Quiconque prétend comprendre tant soit peu la société devrait obligatoirement s'asseoir au bord de la piste de danse d'une boîte de nuit pendant une heure en prenant des notes. Tout est là : les rapports de classe, les manèges de la séduction, les crises d'identité culturelle (ou sexuelle) et la thérapie de groupe. Tout sociologue qui n'a pas sillonné les nuits des grandes capitales est indigne de l'appellation. Les examens de socio devraient d'ailleurs se passer au Balajo pour avoir un minimum de crédibilité.
Cela était un bref aperçu des théories que j'ai échafaudées hier soir à la Scatola, petite boîte de vacance à Port-Camargue, où nous avons passé une soirée délicieusement banale. J'adore les boîtes au soleil : elles réconfortent mon esprit de contradiction. Quand il pleut dehors, on trouve n'importe qui dans les boîtes. Alors que, par beau temps, seuls les fêtards authentiques sont assez fous pour se laisser enfermer. C.Q.F.D.
Ce n'est pas la seule raison de mon goût pour les night-clubs de vacances. Outre l'argument financier (au prix de la bouteille, on peut se payer un bar pour soi tout seul), il y a aussi cette évidence : toutes les filles sont belles quand elles sont bronzées. Surtout les boudins. Si j'étais une femme moche, je m'installerais sur la Côte d'Azur et j'irais me fondre dans les discothèques de plein air.

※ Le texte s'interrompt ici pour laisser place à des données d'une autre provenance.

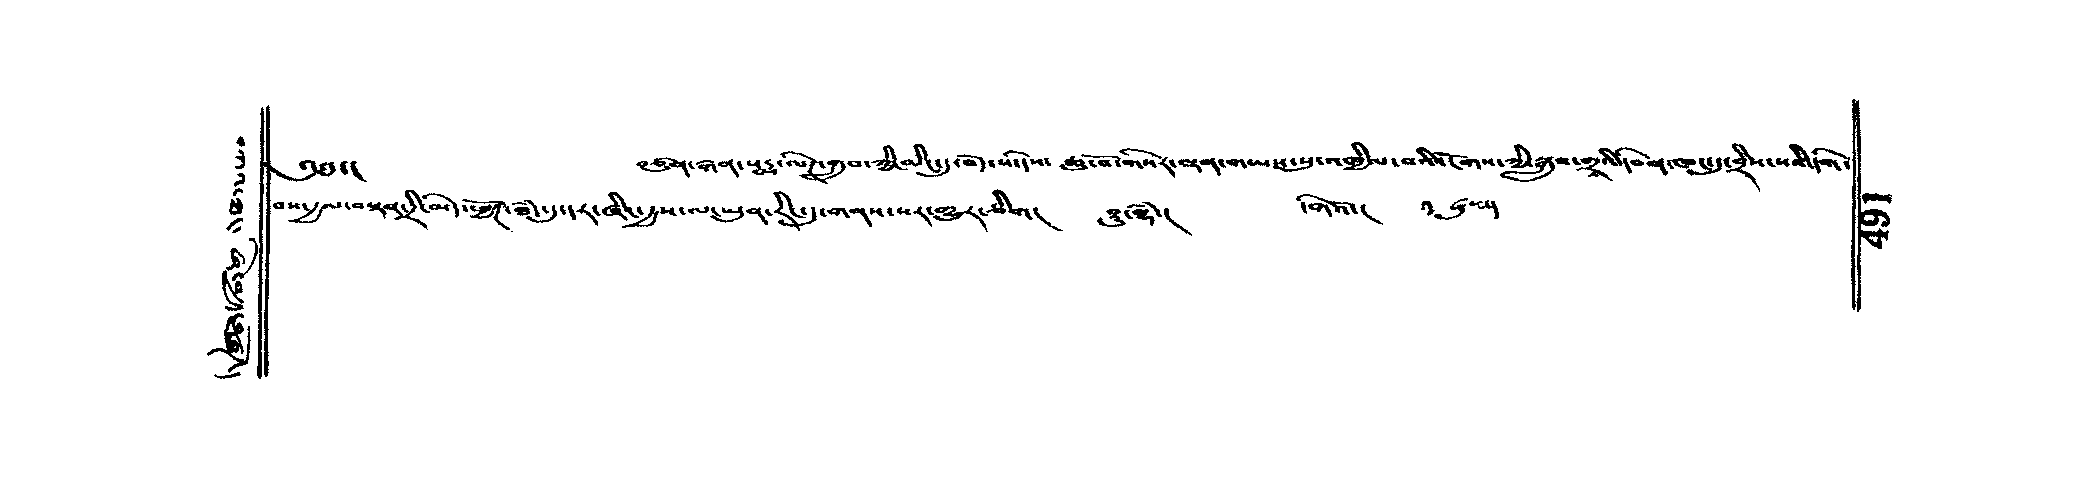བཙུན་རྒན་པདྨ་ལེགས་གྲུབ་ཀྱི་མིང་དུ་བོད་པ་དེས། ཆུ་བོ་གསེར་ལྡན་གཡས་སུ་འཁྱིལ་བའི་ངོགས་ཀྱི་སྒྲུབ་གྲྭའི་དབེན་ཁང་དུ་བྲིས་པའི་དགེ་
བས་རྒྱལ་བསྟན་དྲི་མེད་ཕྱོགས་ཐམས་ཅད་དུ་དར་ཞིང་རྒྱས་ལ་ཡུན་རིང་དུ་གནས་པར་གྱུར་ཅིག ཤུ་བྷམ།། དགེའོ།།

Hier soir, je n'ai vu que des canons à la Scatola. Quelles beautés ! Je n'aime rien tant que cette envie de partir avec une inconnue, qui me saisit dans ces instants-là, et à laquelle je ne succombe jamais. Cette frustration me comble. Je suis un aventurier veule, un romantique mou, un Roméo dégonflé, un capitulard flottant, un déserteur peureux. Je n'aime que les faux départs.
Une chose me turlupine : à quoi rêvent ces jolies filles assises entre un barbu vendeur de tee-shirts et un motard mongolien ? Comment acceptent-elles de frayer, d'effrayer et de défrayer avec cette lie ? Comme je refuse de croire qu'elles puissent être bêtes (une fille bête n'est jamais jolie), je suis contraint de m'interroger : AURAIENT-ELLES PERDU TOUT ESPOIR ?
Je n'aime pas danser, parce que je ne sais pas. Les filles savent, instinctivement. Leurs cheveux voltigent, leurs bras ondulent, leurs paupières battent. Leurs bottines sont lacées, leurs robes sont à balconnets, leurs collants sont opaques. Elles me tuent. J'ai perdu mes lunettes et ma myopie me rend optimiste. Le flou est plus qu'artistique, il me fait ressusciter d'entre les vivants. Pas besoin de champignons hallucinogènes, il suffit de perdre ses lunettes pour voir la vie en rose.
Et puis Anne me rejoint, coupant ces conjectures d'un verre de gin-tonic. Rien à faire, elle les éclipse toutes. Elle porte une robe en lin couleur saumon. Je retourne en enfance, timidement, il y a des parties de pelote basque, une odeur de sel, les horaires des marées, une kermesse devant le fronton, les caramels au café de la Venta, les hortensias de la place Paul-Jean-Toulet, le gondron noir sous les espadrilles blanches... Je reviendrai toujours au Pays basque comme la pelote à la chistera. Un jour, j'emmènerai Anne à Guéthary.